Member of the Chamber of Deputies
- In office 15 May 1957 – 15 May 1961
- Constituency: 24th Departmental Grouping

Mayor of Puerto Montt
- In office 1955–1957

Personal details
- Born: 13 November 1923 Puerto Montt, Chile
- Died: 4 January 2014 (aged 90) Santiago, Chile
- Party: Radical Party Radical Left Party Social Democracy Party
- Spouse: Hannelore Oelckers (two children)
- Parent(s): Alfredo Schmauk María Schaeffer
- Occupation: Lawyer, Politician, Journalist, Teacher

= Edgardo Schmauk =

Chilean lawyer, teacher and politician (1923-2014)

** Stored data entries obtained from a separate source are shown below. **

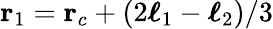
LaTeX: \mathbf{r}_{1}=\mathbf{r}_{c}+(2\boldsymbol{\ell}_{1}-\boldsymbol{\ell}_{2})/3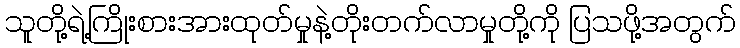
သူတို့ရဲ့ကြိုးစားအားထုတ်မှုနဲ့တိုးတက်လာမှုတို့ကို ပြသဖို့အတွက်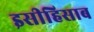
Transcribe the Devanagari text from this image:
इसीहिसाब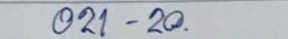
021 - 20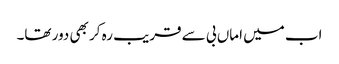
اب میں اماں بی سے قریب رہ کر بھی دور تھا۔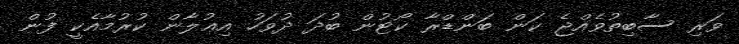
ވަރި ސާބިތުވެއްޖެ ކަން ބަންޑްރާ ކޯޓުން ބުދަ ދުވަހު އިޢުލާން ކުރުމާއެކީ ފުން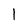
Character: 1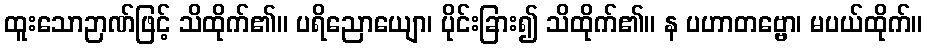
ထူးသောဉာဏ်ဖြင့် သိထိုက်၏။ ပရိညောယျော၊ ပိုင်းခြား၍ သိထိုက်၏။ န ပဟာတဗ္ဗော၊ မပယ်ထိုက်။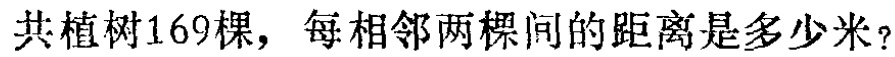
共植树169棵，每相邻两棵间的距离是多少米？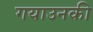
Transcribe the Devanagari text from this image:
गयाउनकी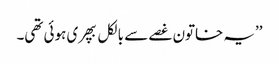
’’یہ خاتون غصے سے بالکل بپھری ہوئی تھی۔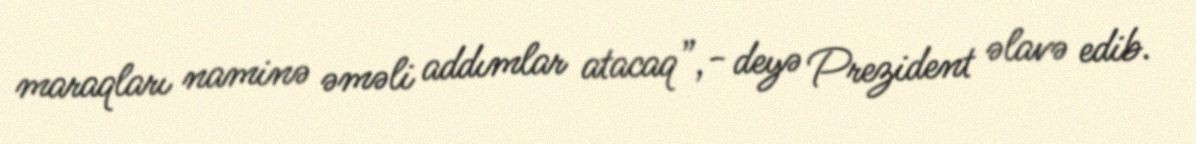
maraqları naminə əməli addımlar atacaq”,- deyə Prezident əlavə edib.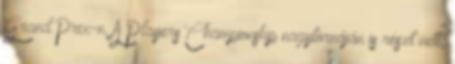
Grand Prix-n. A Players Championship nagytornáján is részt vett,
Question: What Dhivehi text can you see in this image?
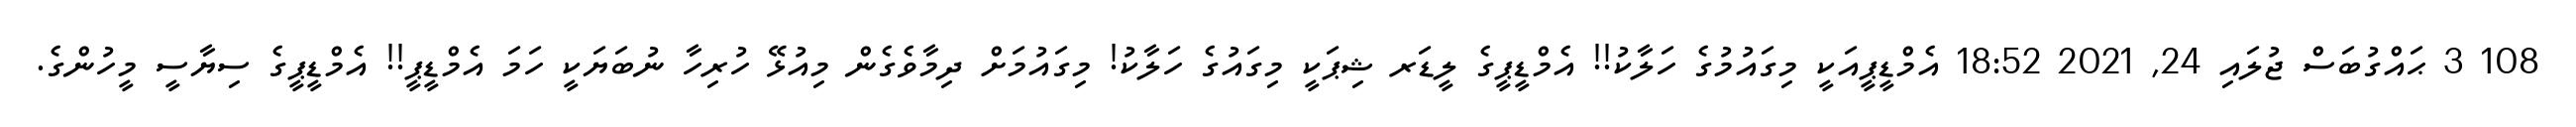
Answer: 108 3 ޙައްގުބަސް ޖުލައި 24, 2021 18:52 އެމްޑީޕީއަކީ މިގައުމުގެ ހަލާކު!! އެމްޑީޕީގެ ލީޑަރ ޝިޕަކީ މިގައުގެ ހަލާކު! މިގައުމަށް ދިމާވެގެން މިއުޅޭ ހުރިހާ ނުބަޔަކީ ހަމަ އެމްޑީޕީ!! އެމްޑީޕީގެ ސިޔާސީ މީހުންގެ.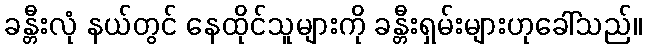
ခန္တီးလုံ နယ်တွင် နေထိုင်သူများကို ခန္တီးရှမ်းများဟုခေါ်သည်။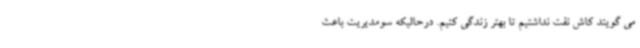
می‌ گویند کاش نفت نداشتیم تا بهتر زندگی کنیم. درحالیکه سومدیریت باعث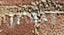
يتفاعل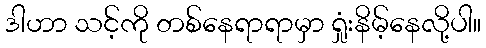
ဒါဟာ သင့်ကို တစ်နေရာရာမှာ ရှုံးနိမ့်နေလို့ပါ။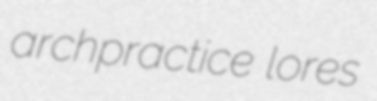
archpractice lores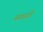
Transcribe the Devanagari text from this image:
नगाजी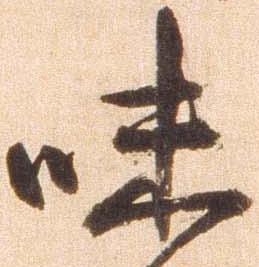
味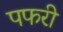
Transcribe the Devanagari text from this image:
पफरी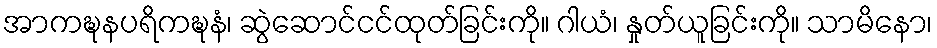
အာကဍ္ဎနပရိကဍ္ဎနံ၊ ဆွဲဆောင်ငင်ထုတ်ခြင်းကို။ ဂါယံ၊ နှုတ်ယူခြင်းကို။ သာမိနော၊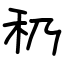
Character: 䄧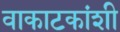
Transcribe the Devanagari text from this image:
वाकाटकांशी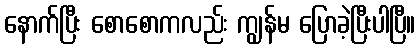
နောက်ပြီး စောစောကလည်း ကျွန်မ ပြောခဲ့ပြီးပါပြီ။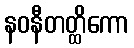
နဝနီတတ္ထိကော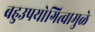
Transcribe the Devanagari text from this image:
बहुउपयोगित्वामुळे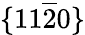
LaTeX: \{ 11\overline{{2}}0\}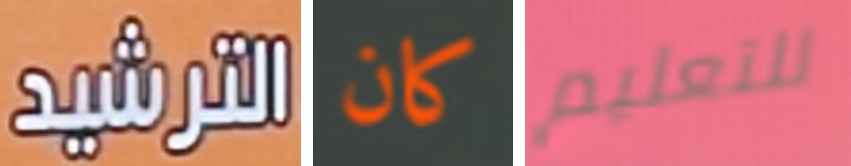
الترشيد كان للتعليم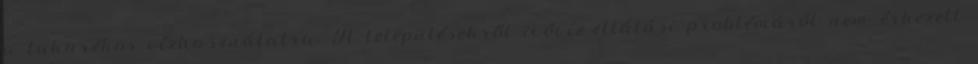
a takarékos vízhasználatra. A településekről ivóvíz-ellátási problémáról nem érkezett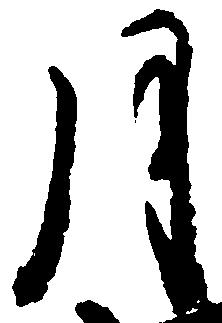
月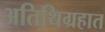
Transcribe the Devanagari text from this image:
अतिथिग्रहात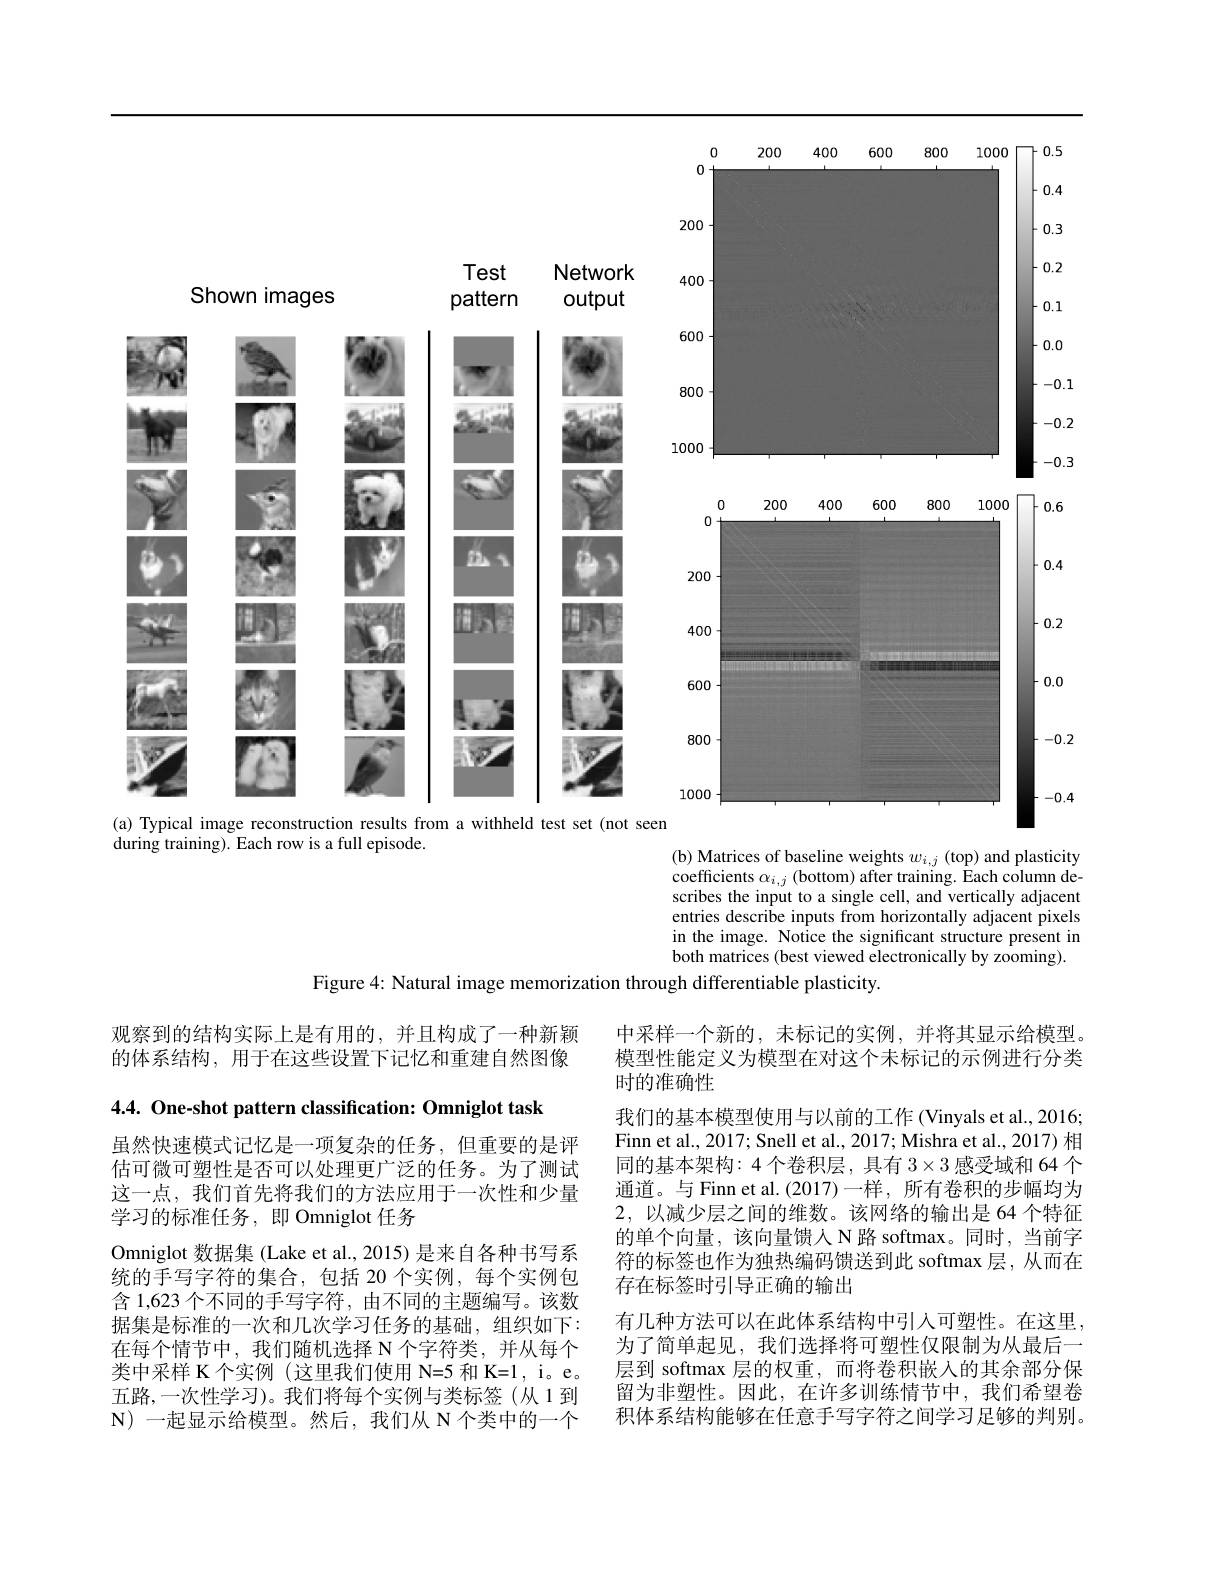
<FigureHere>
during training). Each row is a full episode.

( b) Matrices of baseline weights $w_{i, j}$ ( top) and plasticity $\begin{array}{l}{\text{coefficients }\alpha_{i,j}\left(\mathrm{bottom}\right)\mathrm{after~training.~Each~column~de-}}\\{\mathrm{scribes~the~input~to~a~single~cell,~and~vertically~adjacent}}\end{array}$ entries describe inputs from horizontally adjacent pixels in the image. Notice the significant structure present in both matrices (best viewed electronically by zooming).
Figure 4: Natural image memorization through differentiable plasticity.

观察到的结构实际上是有用的，并且构成了一种新颖的体系结构，用于在这些设置下记忆和重建自然图像

4.4. One-shot pattern classification: Omniglot task

中采样一个新的，未标记的实例，并将其显示给模型。模型性能定义为模型在对这个未标记的示例进行分类时的准确性
我们的基本模型使用与以前的工作 (Vinyals et al., 2016; Finn et al., 2017; Snell et al., 2017; Mishra et al., 2017) 相同的基本架构：4个卷积层，具有$3\times3$感受域和 64 个通道。与 Finn et al.(2017)一样，所有卷积的步幅均为2,以减少层之间的维数。该网络的输出是 64 个特征的单个向量，该向量馈人 N 路 softmax。同时，当前字符的标签也作为独热编码馈送到此 softmax 层，从而在存在标签时引导正确的输出
有几种方法可以在此体系结构中引入可塑性。在这里， 为了简单起见，我们选择将可塑性仅限制为从最后一层到 softmax 层的权重，而将卷积嵌入的其余部分保留为非塑性。因此，在许多训练情节中，我们希望卷积体系结构能够在任意手写字符之间学习足够的判别。

虽然快速模式记忆是一项复杂的任务，但重要的是评估可微可塑性是否可以处理更广泛的任务。为了测试这一点，我们首先将我们的方法应用于一次性和少量学习的标准任务，即 Omniglot 任务
Omniglot 数据集 (Lake et al., 2015) 是来自各种书写系统的手写字符的集合，包括 20 个实例，每个实例包含 1,623 个不同的手写字符，由不同的主题编写。该数据集是标准的一次和几次学习任务的基础，组织如下： 在每个情节中，我们随机选择 N 个字符类，并从每个类中采样 K 个实例 (这里我们使用 N=5 和 K=1, i。e。五路，一次性学习)。我们将每个实例与类标签(从1到N)一起显示给模型。然后，我们从 N 个类中的一个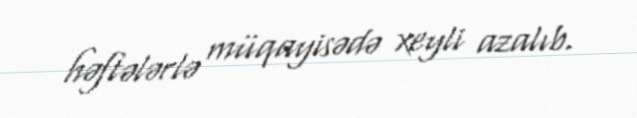
həftələrlə müqayisədə xeyli azalıb.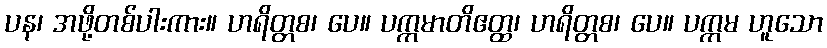
ပန၊ အဖို့တစ်ပါးကား။ ဟရိတ္တစ၊ ပေ။ ပက္ကမာတိဧတ္ထ၊ ဟရိတ္တစ၊ ပေ။ ပက္ကမ ဟူသော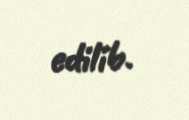
edilib.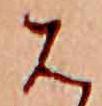
は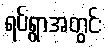
ရပ်ရွာအတွင်း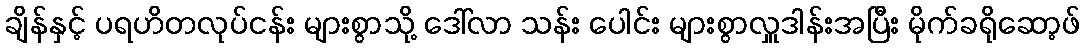
ချိန်နှင့် ပရဟိတလုပ်ငန်း များစွာသို့ ဒေါ်လာ သန်း ပေါင်း များစွာလှူဒါန်းအပြီး မိုက်ခရိုဆော့ဖ်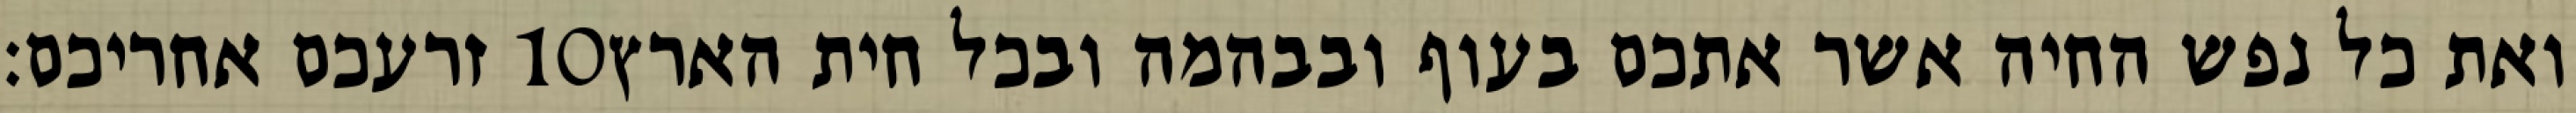
זרעכם אחריכם׃ ‎10‏ ואת כל נפש החיה אשר אתכם בעוף ובבהמה ובכל חית הארץ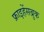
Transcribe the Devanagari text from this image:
फ्राइहेंसब्रुक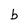
Character: b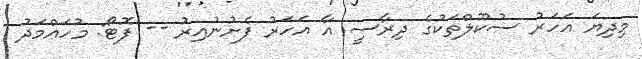
މިދިޔަ އަަހަރު ސުކޫލްތަކުގެ ދިރާސީ އާ އަހަރު ފެށުނުއިރު -- ފޮޓޯ: މުހައްމަދު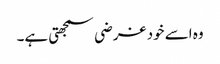
وہ اسے خود غرضی سمجھتی ہے۔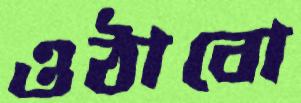
ওঠাবো

Edgardo Schmauk Schaeffer (13 November 1923 – 4 January 2014) was a Chilean lawyer, teacher and politician affiliated with the Radical Party.

He served as Deputy of the Republic for the 24th Departmental Grouping (Llanquihue, Puerto Varas, Maullín, Calbuco and Aysén) during the 1957–1961 legislative period, and as Mayor of Puerto Montt between 1955 and 1957.

==Biography==
Schmauk was born in Puerto Montt on 13 November 1923, the son of Alfredo Schmauk Mathauer and María Schaeffer.
He married Hannelore Oelckers, with whom he had two children.

He studied at the German School of Puerto Montt and the Liceo de Hombres de Osorno, later entering the Law School of the University of Chile. After graduating, he practiced law alongside former Deputy Mario Videla López, establishing a joint law firm. He also taught history and civics at the Liceo de Puerto Montt.

==Political career==
A member first of the Radical Party, later of the Radical Left and the Social Democracy Party, Schmauk served as alderman of the Municipality of Puerto Montt between 1953 and 1957, and as Mayor from 1955 to 1957.
He was elected Deputy of the Republic for the 24th Departmental Grouping (Llanquihue, Puerto Varas, Maullín, Calbuco and Aysén) for the legislative period 1957–1961.

During his parliamentary term he participated in legislative initiatives related to regional development and education.

He was a correspondent for El Llanquihue in Santiago and for El Mercurio in Puerto Montt, as well as President of the local Masonic Lodge, of which he was a long-standing member (32nd degree).
He also belonged to the Second Company “Germania” of the Puerto Montt Fire Department and later to the Association of Retired Members of the National Congress.

==Honors==
He received the Medal of Merit from the Military School of Puerto Montt (1956) and a commemorative medal from the Municipality of Valdivia.

==Death==
He died in Santiago on 4 January 2014.

==Bibliography==
- Valencia Aravía, Luis (1986). Anales de la República: Registros de los ciudadanos que han integrado los Poderes Ejecutivo y Legislativo. 2nd ed. Santiago: Editorial Andrés Bello.